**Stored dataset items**
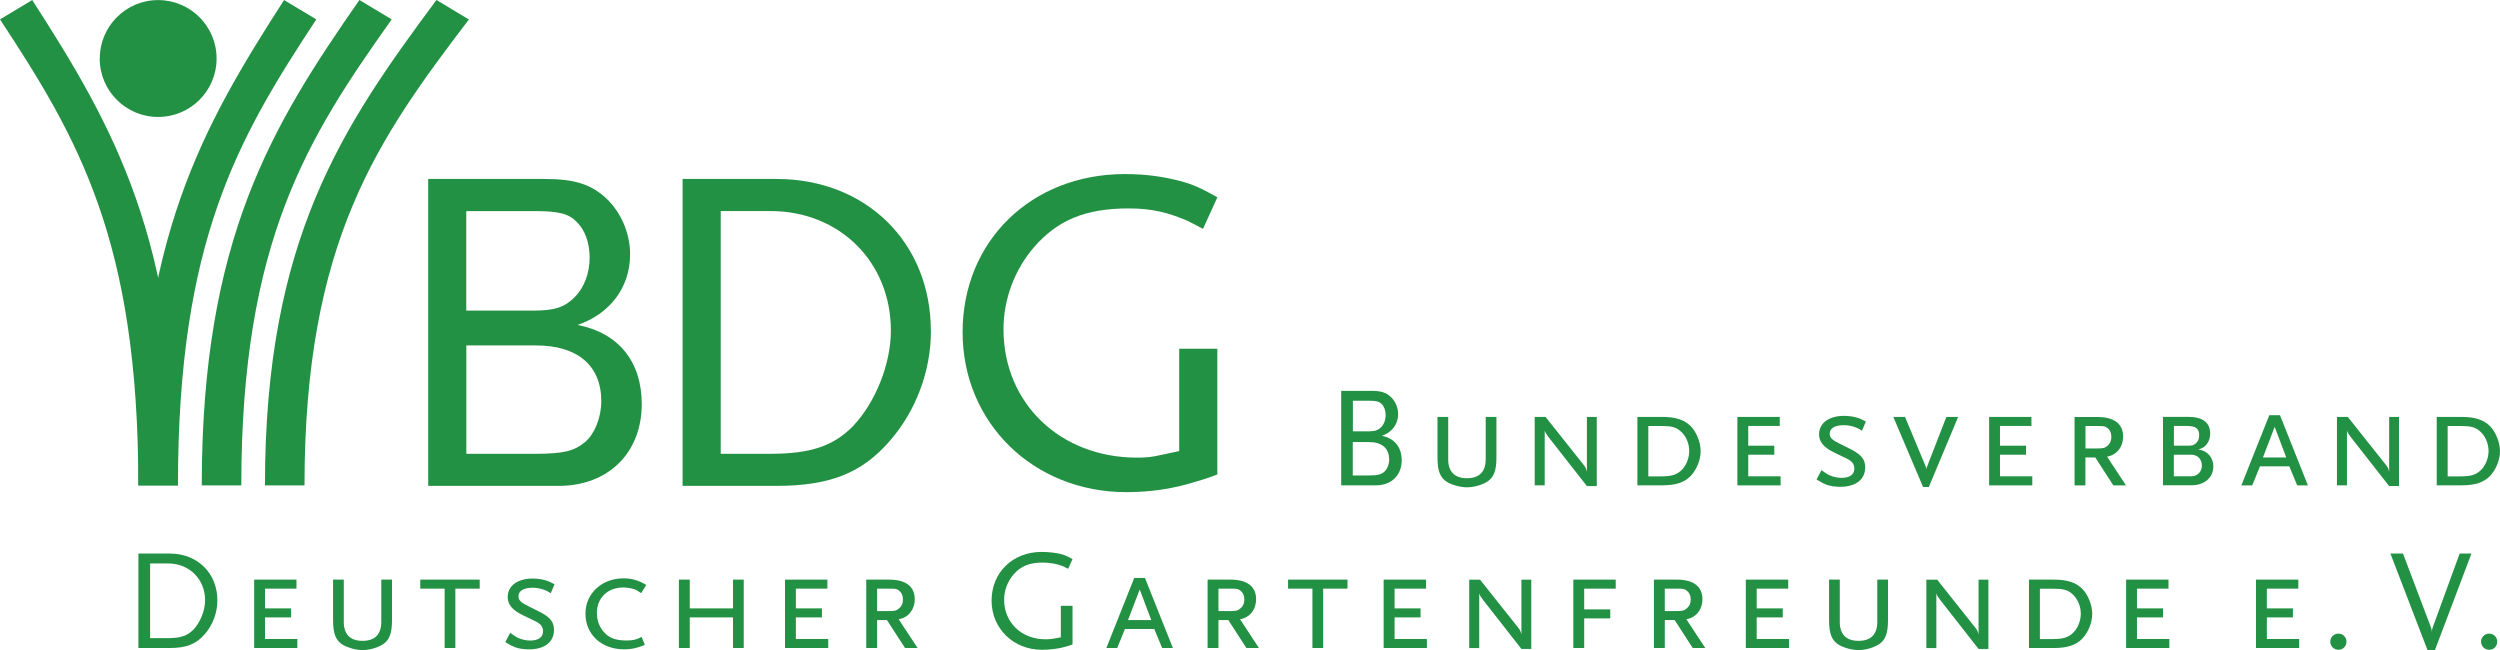 <?xml version="1.0" encoding="UTF-8"?>
<svg id="Ebene_1" data-name="Ebene 1" xmlns="http://www.w3.org/2000/svg" viewBox="0 0 352.04 91.6">
  <defs>
    <style>
      .cls-1, .cls-2 {
        fill: #239144;
        stroke-width: 0px;
      }

      .cls-2 {
        fill-rule: evenodd;
      }
    </style>
  </defs>
  <path class="cls-2" d="m30.61,84.54c0-3.83-2.8-6.59-6.69-6.59h-4.43v13.3h4.41c2.32,0,3.71-.54,4.92-1.93,1.15-1.31,1.79-3.04,1.79-4.78h0Zm-1.73-.02c0,1.45-.67,3.1-1.63,4.13-.85.87-1.83,1.21-3.59,1.21h-2.52v-10.52h2.52c3,0,5.22,2.22,5.22,5.18h0Z"/>
  <polygon class="cls-1" points="41.87 91.25 41.87 89.98 37.32 89.98 37.32 86.94 40.99 86.94 40.99 85.67 37.32 85.67 37.32 82.89 41.75 82.89 41.75 81.62 35.79 81.62 35.79 91.25 41.87 91.25 41.87 91.25"/>
  <path class="cls-1" d="m55.2,87.32v-5.7h-1.51v5.96c0,1.75-.91,2.66-2.64,2.66s-2.64-.91-2.64-2.66v-5.96h-1.51v5.7c0,1.91.38,2.88,1.39,3.49.75.42,1.83.73,2.76.73s2.02-.3,2.74-.73c1.03-.6,1.41-1.57,1.41-3.49h0Z"/>
  <polygon class="cls-1" points="67.55 82.89 67.55 81.62 59.18 81.62 59.18 82.89 62.61 82.89 62.61 91.25 64.12 91.25 64.12 82.89 67.55 82.89 67.55 82.89"/>
  <path class="cls-1" d="m78.08,82.27c-.6-.32-.85-.44-1.29-.56-.54-.16-1.17-.24-1.79-.24-2.14,0-3.51,1.03-3.51,2.62,0,1.03.66,1.83,2.14,2.54l1.75.85c.77.36,1.09.79,1.09,1.43,0,.81-.66,1.29-1.79,1.29-.54,0-1.11-.12-1.59-.32-.38-.16-.64-.32-1.25-.77l-.69,1.31c.69.42.97.56,1.37.72.56.2,1.25.3,1.98.3,2.18,0,3.51-1.03,3.51-2.74,0-1.19-.58-1.86-2.4-2.74-1.87-.91-2.2-1.09-2.48-1.51-.08-.12-.12-.3-.12-.5,0-.75.75-1.19,1.98-1.19.42,0,.85.06,1.35.2.48.16.71.24,1.21.58l.54-1.27h0Z"/>
  <path class="cls-1" d="m91,82.37c-1.05-.64-2-.93-3.22-.93-3.04,0-5.34,2.14-5.34,4.96,0,2.96,2.26,5.04,5.48,5.04.95,0,1.79-.18,2.88-.62l-.44-1.13c-.81.4-1.23.5-2.14.5-1.41,0-2.3-.3-3.02-1.01-.73-.72-1.15-1.73-1.15-2.86,0-2.12,1.51-3.59,3.69-3.59.56,0,1.15.1,1.57.24.34.12.52.24.97.56l.73-1.17h0Z"/>
  <polygon class="cls-1" points="104.73 91.25 104.73 81.62 103.22 81.62 103.22 85.67 97.13 85.67 97.13 81.62 95.6 81.62 95.6 91.25 97.13 91.25 97.13 86.94 103.22 86.94 103.22 91.25 104.73 91.25 104.73 91.25"/>
  <polygon class="cls-1" points="116.63 91.25 116.63 89.98 112.07 89.98 112.07 86.94 115.74 86.94 115.74 85.67 112.07 85.67 112.07 82.89 116.51 82.89 116.51 81.62 110.54 81.62 110.54 91.25 116.63 91.25 116.63 91.25"/>
  <path class="cls-2" d="m129.21,91.25l-2.66-4.05c1.35-.22,2.26-1.35,2.26-2.84,0-1.77-1.27-2.74-3.59-2.74h-3.24v9.63h1.53v-3.93h1.39l2.54,3.93h1.77Zm-2.06-6.83c0,.53-.16.91-.52,1.23-.42.36-.62.4-1.61.4h-1.51v-3.16h1.51c1.11,0,1.23.02,1.55.26.38.28.58.71.58,1.27h0Z"/>
  <path class="cls-1" d="m151.03,90.75v-5.44h-1.65v4.43c-1.07.22-1.53.28-2.2.28-3.33,0-5.78-2.36-5.78-5.56,0-1.31.48-2.58,1.31-3.55,1.03-1.19,2.24-1.69,4.11-1.69,1.07,0,2.12.2,2.88.52.16.08.38.18.71.36l.62-1.37c-.73-.4-1.03-.54-1.61-.71-.71-.18-1.81-.3-2.76-.3-4.05,0-7.03,2.9-7.03,6.85s3.08,6.93,7.09,6.93c1.11,0,2.44-.16,3.35-.44.22-.06.54-.16.97-.32h0Z"/>
  <path class="cls-2" d="m165.16,91.25l-3.93-9.87h-1.51l-3.93,9.87h1.53l1.09-2.68h4.13l1.11,2.68h1.51Zm-3.04-3.93h-3.28l1.65-4.31,1.63,4.31h0Z"/>
  <path class="cls-2" d="m177.28,91.25l-2.66-4.05c1.35-.22,2.26-1.35,2.26-2.84,0-1.77-1.27-2.74-3.59-2.74h-3.24v9.63h1.53v-3.93h1.39l2.54,3.93h1.77Zm-2.06-6.83c0,.53-.16.91-.52,1.23-.42.36-.62.4-1.61.4h-1.51v-3.16h1.51c1.11,0,1.23.02,1.55.26.38.28.58.71.58,1.27h0Z"/>
  <polygon class="cls-1" points="189.75 82.89 189.75 81.62 181.38 81.62 181.38 82.89 184.81 82.89 184.81 91.25 186.32 91.25 186.32 82.89 189.75 82.89 189.75 82.89"/>
  <polygon class="cls-1" points="200.93 91.25 200.93 89.98 196.38 89.98 196.38 86.94 200.04 86.94 200.04 85.67 196.38 85.67 196.38 82.89 200.81 82.89 200.81 81.62 194.84 81.62 194.84 91.25 200.93 91.25 200.93 91.25"/>
  <path class="cls-1" d="m215.63,91.38v-9.75h-1.39v7.74c-.04-.3-.2-.69-.38-.89l-5.44-6.85h-1.53v9.63h1.41v-7.72c.06.26.18.46.5.89l5.44,6.95h1.39Z"/>
  <polygon class="cls-1" points="227.52 82.89 227.52 81.62 221.55 81.62 221.55 91.25 223.08 91.25 223.08 87.08 226.75 87.08 226.75 85.81 223.08 85.81 223.08 82.89 227.52 82.89 227.52 82.89"/>
  <path class="cls-2" d="m240.13,91.25l-2.66-4.05c1.35-.22,2.26-1.35,2.26-2.84,0-1.77-1.27-2.74-3.59-2.74h-3.24v9.63h1.53v-3.93h1.39l2.54,3.93h1.77Zm-2.05-6.83c0,.53-.16.91-.53,1.23-.42.36-.62.4-1.61.4h-1.51v-3.16h1.51c1.11,0,1.23.02,1.55.26.38.28.59.71.59,1.27h0Z"/>
  <polygon class="cls-1" points="251.93 91.25 251.93 89.98 247.37 89.98 247.37 86.94 251.04 86.94 251.04 85.67 247.37 85.67 247.37 82.89 251.81 82.89 251.81 81.62 245.84 81.62 245.84 91.25 251.93 91.25 251.93 91.25"/>
  <path class="cls-1" d="m265.86,87.32v-5.7h-1.51v5.96c0,1.75-.91,2.66-2.64,2.66s-2.64-.91-2.64-2.66v-5.96h-1.51v5.7c0,1.91.38,2.88,1.39,3.49.74.42,1.83.73,2.76.73s2.02-.3,2.74-.73c1.03-.6,1.41-1.57,1.41-3.49h0Z"/>
  <path class="cls-1" d="m280,91.38v-9.75h-1.39v7.74c-.04-.3-.2-.69-.38-.89l-5.44-6.85h-1.53v9.63h1.41v-7.72c.06.26.18.46.5.89l5.44,6.95h1.39Z"/>
  <path class="cls-2" d="m294.62,86.44c0-1.21-.58-2.68-1.37-3.49-.89-.91-2.13-1.33-3.99-1.33h-3.55v9.63h3.55c1.87,0,3.1-.42,3.97-1.33.85-.91,1.39-2.26,1.39-3.49h0Zm-1.61-.02c0,1.09-.5,2.24-1.27,2.86-.66.52-1.33.71-2.72.71h-1.77v-7.09h1.89c1.35,0,1.98.16,2.58.66.81.67,1.29,1.75,1.29,2.86h0Z"/>
  <polygon class="cls-1" points="305.48 91.25 305.48 89.98 300.92 89.98 300.92 86.94 304.59 86.94 304.59 85.67 300.92 85.67 300.92 82.89 305.36 82.89 305.36 81.62 299.39 81.62 299.39 91.25 305.48 91.25 305.48 91.25"/>
  <polygon class="cls-1" points="323.76 91.25 323.76 89.98 319.21 89.98 319.21 86.94 322.88 86.94 322.88 85.67 319.21 85.67 319.21 82.89 323.64 82.89 323.64 81.62 317.68 81.62 317.68 91.25 323.76 91.25 323.76 91.25"/>
  <path class="cls-1" d="m330.42,90.35c0-.62-.5-1.13-1.13-1.13s-1.15.5-1.15,1.13.5,1.15,1.15,1.15,1.13-.5,1.13-1.15h0Z"/>
  <path class="cls-1" d="m348.01,77.95h-1.65l-3.79,10.38c-.08.22-.12.4-.12.64-.02-.26-.06-.46-.14-.64l-3.93-10.38h-1.77l5.24,13.64h1.01l5.16-13.64h0Z"/>
  <path class="cls-1" d="m351.65,90.35c0-.62-.5-1.13-1.13-1.13s-1.15.5-1.15,1.13.5,1.15,1.15,1.15,1.13-.5,1.13-1.15h0Z"/>
  <path class="cls-2" d="m197.38,64.8c0-1.83-1.01-3.08-2.78-3.43,1.41-.48,2.28-1.63,2.28-3.06,0-.93-.4-1.83-1.05-2.44-.67-.6-1.37-.83-2.66-.83h-4.31v13.3h4.92c2.16,0,3.61-1.43,3.61-3.55h0Zm-2.26-6.35c0,.69-.24,1.31-.64,1.71-.44.44-.87.58-1.81.58h-2.16v-4.31h2.28c1.03,0,1.45.12,1.79.48.34.34.54.89.54,1.53h0Zm.5,6.23c0,.71-.28,1.41-.71,1.77-.46.38-.93.5-2.14.5h-2.28v-4.7h2.28c1.81,0,2.84.87,2.84,2.42h0Z"/>
  <path class="cls-1" d="m210.72,64.41v-5.7h-1.51v5.97c0,1.75-.91,2.66-2.64,2.66s-2.64-.91-2.64-2.66v-5.97h-1.51v5.7c0,1.92.38,2.88,1.39,3.49.75.42,1.84.72,2.76.72s2.02-.3,2.74-.72c1.03-.61,1.41-1.57,1.41-3.49h0Z"/>
  <path class="cls-1" d="m224.85,68.46v-9.75h-1.39v7.74c-.04-.3-.2-.69-.38-.89l-5.44-6.85h-1.53v9.63h1.41v-7.72c.06.26.18.46.5.88l5.44,6.95h1.39Z"/>
  <path class="cls-2" d="m239.48,63.53c0-1.21-.58-2.68-1.37-3.49-.89-.91-2.14-1.33-3.99-1.33h-3.55v9.63h3.55c1.87,0,3.1-.42,3.97-1.33.85-.91,1.39-2.26,1.39-3.49h0Zm-1.61-.02c0,1.09-.5,2.24-1.27,2.86-.66.53-1.33.71-2.72.71h-1.77v-7.09h1.89c1.35,0,1.97.16,2.58.67.81.66,1.29,1.75,1.29,2.86h0Z"/>
  <polygon class="cls-1" points="250.74 68.35 250.74 67.07 246.18 67.07 246.18 64.03 249.85 64.03 249.85 62.76 246.18 62.76 246.18 59.98 250.62 59.98 250.62 58.71 244.65 58.71 244.65 68.35 250.74 68.35 250.74 68.35"/>
  <path class="cls-1" d="m262.74,59.36c-.61-.32-.85-.44-1.29-.56-.54-.16-1.17-.24-1.79-.24-2.14,0-3.51,1.03-3.51,2.62,0,1.03.66,1.83,2.13,2.54l1.75.85c.77.36,1.09.79,1.09,1.43,0,.81-.66,1.29-1.79,1.29-.54,0-1.11-.12-1.59-.32-.38-.16-.64-.32-1.25-.76l-.69,1.31c.69.42.97.56,1.37.73.56.2,1.25.3,1.97.3,2.18,0,3.51-1.03,3.51-2.74,0-1.19-.59-1.85-2.4-2.74-1.87-.91-2.2-1.09-2.48-1.51-.08-.12-.12-.3-.12-.5,0-.75.75-1.19,1.98-1.19.42,0,.85.06,1.35.2.48.16.71.24,1.21.59l.54-1.27h0Z"/>
  <path class="cls-1" d="m275.73,58.71h-1.65l-2.7,6.95c-.08.16-.1.26-.12.44,0-.18-.04-.32-.1-.44l-2.9-6.95h-1.65l4.19,9.87h.81l4.13-9.87h0Z"/>
  <polygon class="cls-1" points="286.18 68.35 286.18 67.07 281.63 67.07 281.63 64.03 285.3 64.03 285.3 62.76 281.63 62.76 281.63 59.98 286.06 59.98 286.06 58.71 280.1 58.71 280.1 68.35 286.18 68.35 286.18 68.35"/>
  <path class="cls-2" d="m299.37,68.35l-2.66-4.05c1.35-.22,2.26-1.35,2.26-2.84,0-1.77-1.27-2.74-3.59-2.74h-3.25v9.63h1.53v-3.93h1.39l2.54,3.93h1.77Zm-2.06-6.83c0,.53-.16.91-.52,1.23-.42.36-.62.4-1.61.4h-1.51v-3.16h1.51c1.11,0,1.23.02,1.55.26.38.28.58.71.58,1.27h0Z"/>
  <path class="cls-2" d="m311.68,65.72c0-1.29-.83-2.24-2.12-2.44.99-.18,1.67-1.09,1.67-2.2,0-1.57-1.03-2.38-3.1-2.38h-3.55v9.63h4.07c1.77,0,3.02-1.09,3.02-2.62h0Zm-2-4.41c0,.48-.18.89-.5,1.15-.36.28-.48.3-1.43.3h-1.63v-2.78h1.77c1.31,0,1.79.36,1.79,1.33h0Zm.38,4.25c0,.54-.26,1.03-.69,1.29-.4.22-.48.22-1.49.22h-1.77v-3.04h2.54c.3.02.6.12.85.3.36.26.56.73.56,1.23h0Z"/>
  <path class="cls-2" d="m324.99,68.35l-3.93-9.88h-1.51l-3.93,9.88h1.53l1.09-2.68h4.13l1.11,2.68h1.51Zm-3.04-3.93h-3.29l1.65-4.31,1.63,4.31h0Z"/>
  <path class="cls-1" d="m337.82,68.46v-9.75h-1.39v7.74c-.04-.3-.2-.69-.38-.89l-5.44-6.85h-1.53v9.63h1.41v-7.72c.06.26.18.46.5.88l5.44,6.95h1.39Z"/>
  <path class="cls-2" d="m352.04,63.53c0-1.21-.59-2.68-1.37-3.49-.89-.91-2.14-1.33-3.99-1.33h-3.55v9.63h3.55c1.87,0,3.1-.42,3.97-1.33.85-.91,1.39-2.26,1.39-3.49h0Zm-1.61-.02c0,1.09-.5,2.24-1.27,2.86-.66.53-1.33.71-2.72.71h-1.77v-7.09h1.89c1.35,0,1.97.16,2.58.67.81.66,1.29,1.75,1.29,2.86h0Z"/>
  <path class="cls-1" d="m171.42,66.79v-17.68h-5.37v14.41c-3.47.72-3.79.92-5.95.92-10.81,0-18.79-7.66-18.79-18.07,0-4.26,1.57-8.38,4.26-11.52,3.34-3.86,7.27-5.5,13.36-5.5,3.47,0,5.69.65,8.18,1.7.52.26,1.24.59,2.29,1.18l2.03-4.45c-2.36-1.31-3.34-1.77-5.24-2.29-2.29-.59-4.71-.98-7.79-.98-13.16,0-22.85,9.43-22.85,22.26s10.02,22.53,23.05,22.53c3.6,0,6.74-.52,9.68-1.44.72-.2,1.77-.52,3.14-1.05h0Z"/>
  <path class="cls-2" d="m125.45,46.55c0,4.71-2.16,10.08-5.3,13.42-2.75,2.82-5.96,3.93-11.66,3.93h-7V29.72h7c9.76,0,16.96,7.2,16.96,16.83h0Zm5.63.06c0-12.44-9.1-21.41-21.74-21.41h-13.22v43.22h13.16c7.53,0,12.05-1.77,15.98-6.29,3.73-4.26,5.83-9.89,5.83-15.52h0Z"/>
  <path class="cls-2" d="m83.03,36.27c0,2.23-.79,4.26-2.1,5.57-1.44,1.44-2.82,1.9-5.89,1.9h-9.38v-14.01h9.77c3.34,0,4.71.39,5.83,1.57,1.11,1.11,1.77,2.88,1.77,4.98h0Zm1.64,20.23c0,2.29-.92,4.58-2.29,5.76-1.51,1.24-3.01,1.64-6.94,1.64h-9.77v-15.26h9.77c5.89,0,9.23,2.82,9.23,7.86h0Zm5.7.39c0-5.96-3.27-10.02-9.04-11.13,4.58-1.57,7.4-5.3,7.4-9.95,0-3.01-1.31-5.96-3.4-7.92-2.16-1.96-4.45-2.69-8.64-2.69h-16.39v43.22h18.35c7.01,0,11.72-4.65,11.72-11.53h0Z"/>
  <path class="cls-1" d="m28.41,68.35C28.41,33.6,38.35,17.63,50.61,0l4.55,2.73c-11.8,16.61-21.18,31.18-21.18,65.62h-5.57Z"/>
  <path class="cls-1" d="m66.03,2.74c-12.76,16.77-23.15,31.17-23.15,65.61h-5.57c0-34.75,10.98-50.6,24.15-68.35l4.56,2.74h0Z"/>
  <path class="cls-1" d="m14.05,8.24C14.05,3.69,17.73.01,22.27.01s8.23,3.68,8.23,8.23-3.68,8.23-8.23,8.23-8.23-3.68-8.23-8.23h0Z"/>
  <path class="cls-1" d="m40,.01l.04.02,4.5,2.7c-11.03,16.77-19.48,31.16-19.48,65.62h-5.57C19.5,33.58,28.5,17.88,40,.01h0Z"/>
  <path class="cls-1" d="m4.54.01l-.04.02L0,2.73c11.03,16.77,19.48,31.16,19.48,65.62h5.57C25.04,33.58,16.04,17.88,4.54.01h0Z"/>
</svg>

**PROBLEM DESCRIPTION**
Taking the lines above, repeat exactly those from the line that contains "91.25 116.63 89.98" through the line that contains "82.89 189.75 81.62", and both of those lines as well. Include nothing else.

**YOUR RESPONSE**
  <polygon class="cls-1" points="116.63 91.25 116.63 89.98 112.07 89.98 112.07 86.94 115.74 86.94 115.74 85.67 112.07 85.67 112.07 82.89 116.51 82.89 116.51 81.62 110.54 81.62 110.54 91.25 116.63 91.25 116.63 91.25"/>
  <path class="cls-2" d="m129.21,91.25l-2.66-4.05c1.35-.22,2.26-1.35,2.26-2.84,0-1.77-1.27-2.74-3.59-2.74h-3.24v9.63h1.53v-3.93h1.39l2.54,3.93h1.77Zm-2.06-6.83c0,.53-.16.91-.52,1.23-.42.36-.62.4-1.61.4h-1.51v-3.16h1.51c1.11,0,1.23.02,1.55.26.38.28.58.71.58,1.27h0Z"/>
  <path class="cls-1" d="m151.03,90.75v-5.44h-1.65v4.43c-1.07.22-1.53.28-2.2.28-3.33,0-5.78-2.36-5.78-5.56,0-1.31.48-2.58,1.31-3.55,1.03-1.19,2.24-1.69,4.11-1.69,1.07,0,2.12.2,2.88.52.16.08.38.18.71.36l.62-1.37c-.73-.4-1.03-.54-1.61-.71-.71-.18-1.81-.3-2.76-.3-4.05,0-7.03,2.9-7.03,6.85s3.08,6.93,7.09,6.93c1.11,0,2.44-.16,3.35-.44.22-.06.54-.16.97-.32h0Z"/>
  <path class="cls-2" d="m165.16,91.25l-3.93-9.87h-1.51l-3.93,9.87h1.53l1.09-2.68h4.13l1.11,2.68h1.51Zm-3.04-3.93h-3.28l1.65-4.31,1.63,4.31h0Z"/>
  <path class="cls-2" d="m177.28,91.25l-2.66-4.05c1.35-.22,2.26-1.35,2.26-2.84,0-1.77-1.27-2.74-3.59-2.74h-3.24v9.63h1.53v-3.93h1.39l2.54,3.93h1.77Zm-2.06-6.83c0,.53-.16.91-.52,1.23-.42.36-.62.4-1.61.4h-1.51v-3.16h1.51c1.11,0,1.23.02,1.55.26.38.28.58.71.58,1.27h0Z"/>
  <polygon class="cls-1" points="189.75 82.89 189.75 81.62 181.38 81.62 181.38 82.89 184.81 82.89 184.81 91.25 186.32 91.25 186.32 82.89 189.75 82.89 189.75 82.89"/>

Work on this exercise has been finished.